Atheist students say good morals can ...

Atheist students say good morals can be practiced without a Bible

There are 1166 comments on the The Herald story from Oct 28, 2010, titled Atheist students say good morals can be practiced without a Bible. In it, The Herald reports that:

As its membership rapidly increases, the Secular Student Alliance of ASU, an atheist student organization, works to build a community of people to make Jonesboro a better place through charity work.

Join the discussion below, or Read more at The Herald.

Since: Apr 08

Nottingham, UK

#21 Oct 31, 2010
guest wrote:
<quoted text>
None. They were all theists. Even Hume had to admit that without the existence of God there would be no basis for morality.
Do you agree with that?

What about other religions with commendable morals? Many of which pre-date Christianity.

Or are you claiming that everything that is morally right is in the Christian religion?
EdSed

Glasgow, UK

#22 Oct 31, 2010
I think humanity is witnessing a natural progression. Religion made sense to many people who did not know the world was flat; or that it was not the centre of the universe. Maybe some Jesuits recognised the beginning of the end when they failed to prevent the Bible being translated into native languages, like English. Many people realised it was just another work of man, but it was illegal to say so.

Even in England & Wales, the blasphemy law was only repealed in 2008. The last imprisonment for blasphemy in mainland UK was in 1921. The last person charged was in 1925. Blasphemy as a concept is now redundant.(Call that evolution :-)

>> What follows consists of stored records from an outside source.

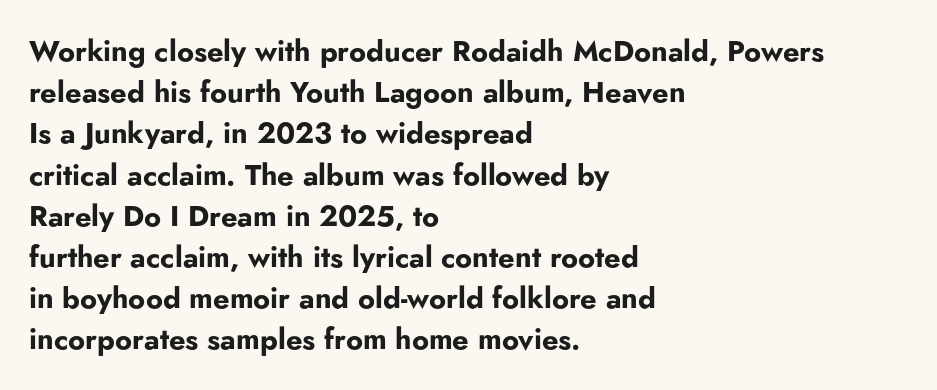
Q: Is the text bold? A: Yes.
Q: Is the text italic (slanted)? A: No, it is upright.
Q: Is the typeface a serif or a sans-serif typeface? A: Sans-serif.
Q: Is the text underlined? A: No.
Q: How is the paragraph aligned? A: Left-aligned.
Q: Is the spacing between letters normal or unusually wide? A: Normal.
Q: Is the spacing between lines tight, normal or loose? A: Normal.
Q: Width (condensed, normal, or wide)? A: Normal.
Q: Stroke contrast? A: Low.
Q: x-height? A: Small.
Q: Monospaced? A: No.
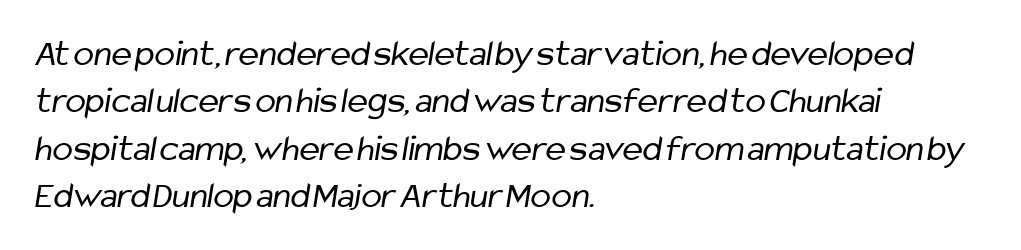
Every row of glyphs begins at an identical x-position on the left. The designer went with a sans here, leaving each stem footless. Here the glyphs are tracked normally, forming tight word shapes. The weight would be labelled regular, book, light, or lighter still. Note the varied advance widths — an 'i' is clearly narrower than an 'm'. The leading is moderate, giving the passage an even texture.
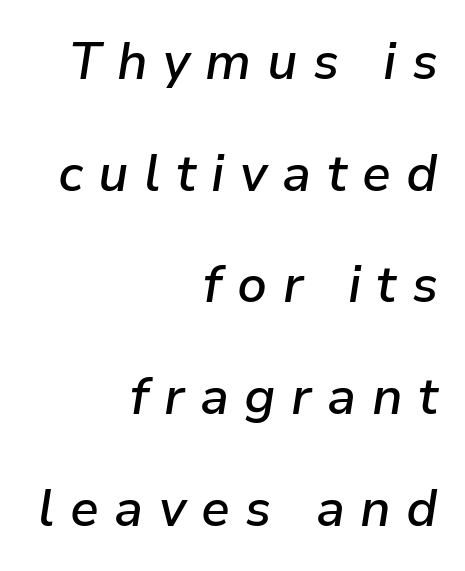
{"italic": "yes", "lean": "right", "slant_degrees": 9, "bold": "semi", "weight": "semibold", "width": "normal", "stroke_contrast": "low", "x_height": "medium", "monospaced": "no", "underline": "no", "align": "right", "line_spacing": "loose", "line_spacing_ratio": 2.19, "letter_spacing": "wide", "letter_spacing_em": 0.3, "glyph_px": 51}
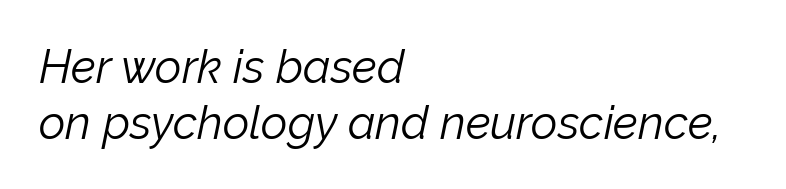
Horizontally, the lines are justified to the leading edge only. The text carries the slant typical of an italic or oblique font. Quick note: underline off. A quiet, ordinary-to-light weight characterises the typeface.
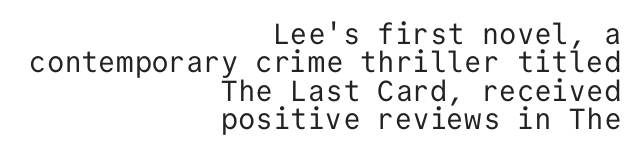
Q: Is the text bold? A: No.
Q: Is the text italic (slanted)? A: No, it is upright.
Q: Is the typeface a serif or a sans-serif typeface? A: Sans-serif.
Q: Is the text underlined? A: No.
Q: How is the paragraph aligned? A: Right-aligned.
Q: Is the spacing between letters normal or unusually wide? A: Normal.
Q: Is the spacing between lines tight, normal or loose? A: Tight.
Q: Width (condensed, normal, or wide)? A: Normal.
Q: Stroke contrast? A: Low.
Q: x-height? A: Medium.
Q: Monospaced? A: Yes.
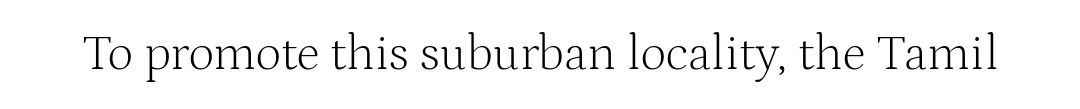
{"serif": "yes", "italic": "no", "bold": "no", "weight": "light", "width": "normal", "stroke_contrast": "medium", "x_height": "medium", "monospaced": "no", "underline": "no", "letter_spacing": "normal", "letter_spacing_em": 0.0, "glyph_px": 50}
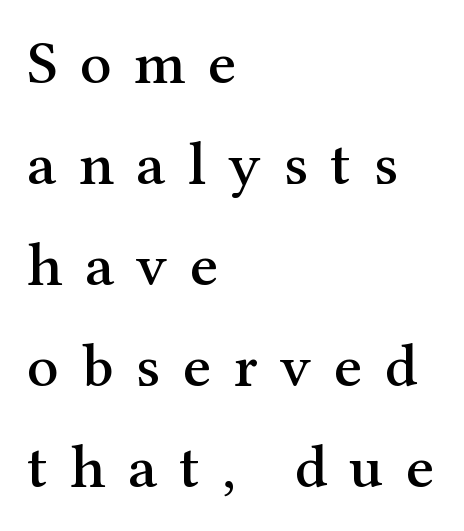
{"serif": "yes", "italic": "no", "width": "normal", "stroke_contrast": "medium", "x_height": "medium", "monospaced": "no", "underline": "no", "align": "left", "line_spacing": "normal", "line_spacing_ratio": 1.63, "letter_spacing": "wide", "letter_spacing_em": 0.36, "glyph_px": 62}

This sums up religious attitudes in one newly developed part of the world..
http://www.iheu.org/maldavian-faces-death-%E2...
To me, such a murderous reaction seems fear driven. Fear that Islam is nonsense perhaps?

What is very clear about religion is that it is largely parent given, not god-given.

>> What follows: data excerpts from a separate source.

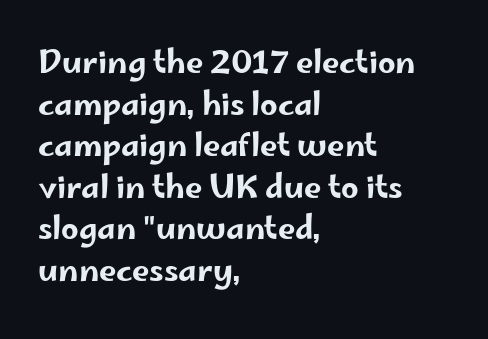
The image shows 31 px wide sans-serif type, upright; set left-aligned, normal line spacing (1.34x), normal letter spacing, not underlined; low stroke contrast and a small x-height.
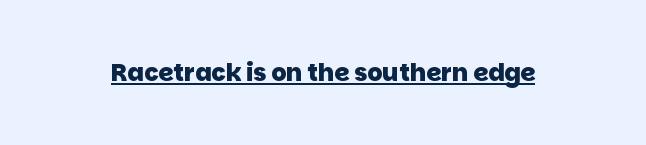
Q: Is the text bold? A: Yes.
Q: Is the text underlined? A: Yes.
Q: Is the spacing between letters normal or unusually wide? A: Normal.
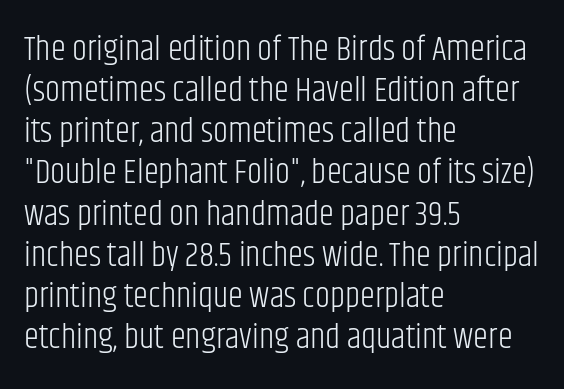
Q: Is the text bold? A: No.
Q: Is the text italic (slanted)? A: No, it is upright.
Q: Is the typeface a serif or a sans-serif typeface? A: Sans-serif.
Q: Is the text underlined? A: No.
Q: How is the paragraph aligned? A: Left-aligned.
Q: Is the spacing between letters normal or unusually wide? A: Normal.
Q: Width (condensed, normal, or wide)? A: Condensed.
Q: Stroke contrast? A: Low.
Q: x-height? A: Large.
Q: Monospaced? A: No.

People need to start looking where we are going more than where we have been. Ask on what morality can be based and how the people of Earth should be organised. Ask if religion is useful and if nations are the best political units for humanity. Nations may be the only practical unit of organisation for the foreseeable future, but what should ideally constitute a nation? Can we begin to evolve from competitive religions and nations towards a global structure that better serves our future and encourages mutual cooperation, rather than competition or dangerous rivalry?

Globalism and multi-culturalism are descriptions of the status quo, the natural consequences of modern technology, education and communications. We can only influence their nature and development. They are not options we might accept or reject. Nations should be developed as platforms for world-wide co-operation. Such divisions as Muslim or Jewish peoples and lands are historical legacies and problems, not competing cultures worthy of human sacrifices. There are only people and land. If people on Earth beat ourselves up, who cares?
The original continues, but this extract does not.